Natural disasters may often be unpredictable, but you likely know if your business is in a high-risk zone. Whether it’s hurricanes, earthquakes, or volcanos, a natural disaster isn’t going to spare your data. If there’s even the smallest chance that your data is at risk from natural disaster, there are various pre-emptive steps you can take to try and mitigate the damage.
The most important piece of advice to give is that your data backup should be physically separate from the primary data source. The reason for this is that if both your primary and backup data are nearby, a natural disaster is likely to take them both out simultaneously.
Your backup doesn’t have to be in the cloud, though that’s often the easiest and most cost-effective solution. It could also be in a third-party facility, perhaps one within travelling distance so that physical recovery is quicker if needs be – though, of course, one not within the same disaster zone that you’re in.
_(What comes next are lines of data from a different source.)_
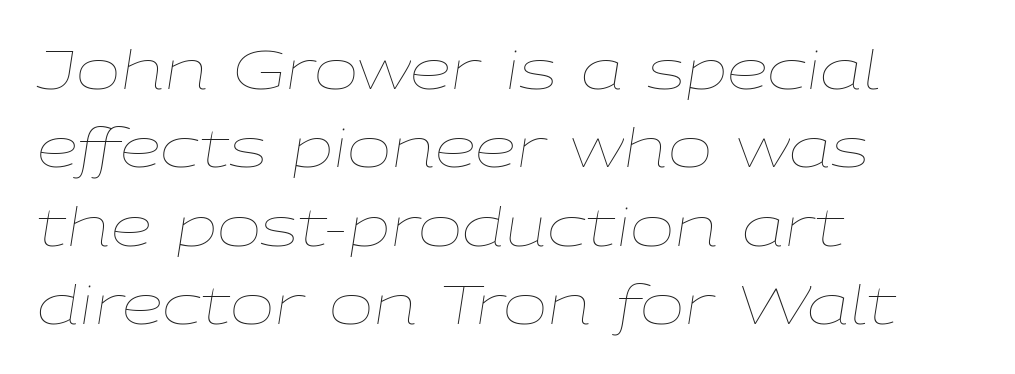
Q: Is the text bold? A: No.
Q: Is the text italic (slanted)? A: Yes, it leans right by about 9 degrees.
Q: Is the text underlined? A: No.
Q: How is the paragraph aligned? A: Left-aligned.
Q: Is the spacing between letters normal or unusually wide? A: Normal.
Q: Is the spacing between lines tight, normal or loose? A: Normal.
Q: Width (condensed, normal, or wide)? A: Wide.
Q: Stroke contrast? A: Low.
Q: x-height? A: Medium.
Q: Monospaced? A: No.
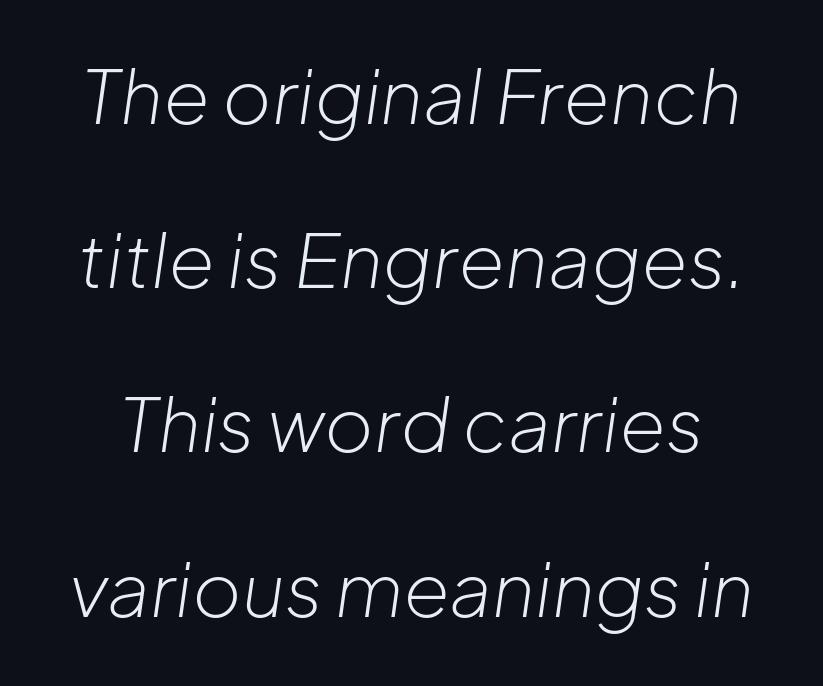
The image shows 75 px light type, italic (leaning right); set loose line spacing (2.19x), normal letter spacing, not underlined; low stroke contrast and a medium x-height.

Alternatively, you could do a combination of various methods. The most crucial systems and data could be backed up into the cloud, ready to access in an emergency; analyse what that would be with a business impact analysis.
If it is only possible to backup locally – and again, that’s strongly discouraged – consider going for portable, high capacity storage devices. This will enable you to take the backups physically with you, should you be able to in the situation.
You should review the frequency of your backups too. Backups can be useful to recover specific bits of data as needed. But in a natural disaster, it’s going to take it all out. You might want to take them every hour, rather than every day, for example.
At the same time, make sure that your network can cope with the increased load from the backups. There’s no point scheduling regular backups if you don’t have enough bandwidth to cope with the demand – data will get clogged up and things won’t be backed up properly, which completely defeats the point. You may need to upgrade your network infrastructure, but it’s a necessary cost.
Carry out risk assessments to find out where vulnerable points are in your physical and virtual network. Prioritise protecting these areas first, if time or money is short. Also, keep your backup and recovery plans up to date, ensuring they account for any changes that might have taken place since the last time they were reviewed.
Keep these backups monitored. It’s all well and good having an off-site backup that occurs every hour, but don’t find out that the backup is actually corrupted when you come to need it. Regularly ensure that systems are backing up properly and do spot checks of the data.
This is all good advice for backup generally, whether you’re in a natural disaster zone or not. But if you are, it becomes all the more pertinent. Natural disasters can strike at any time, without warning. Make sure your data and your backups are prepared.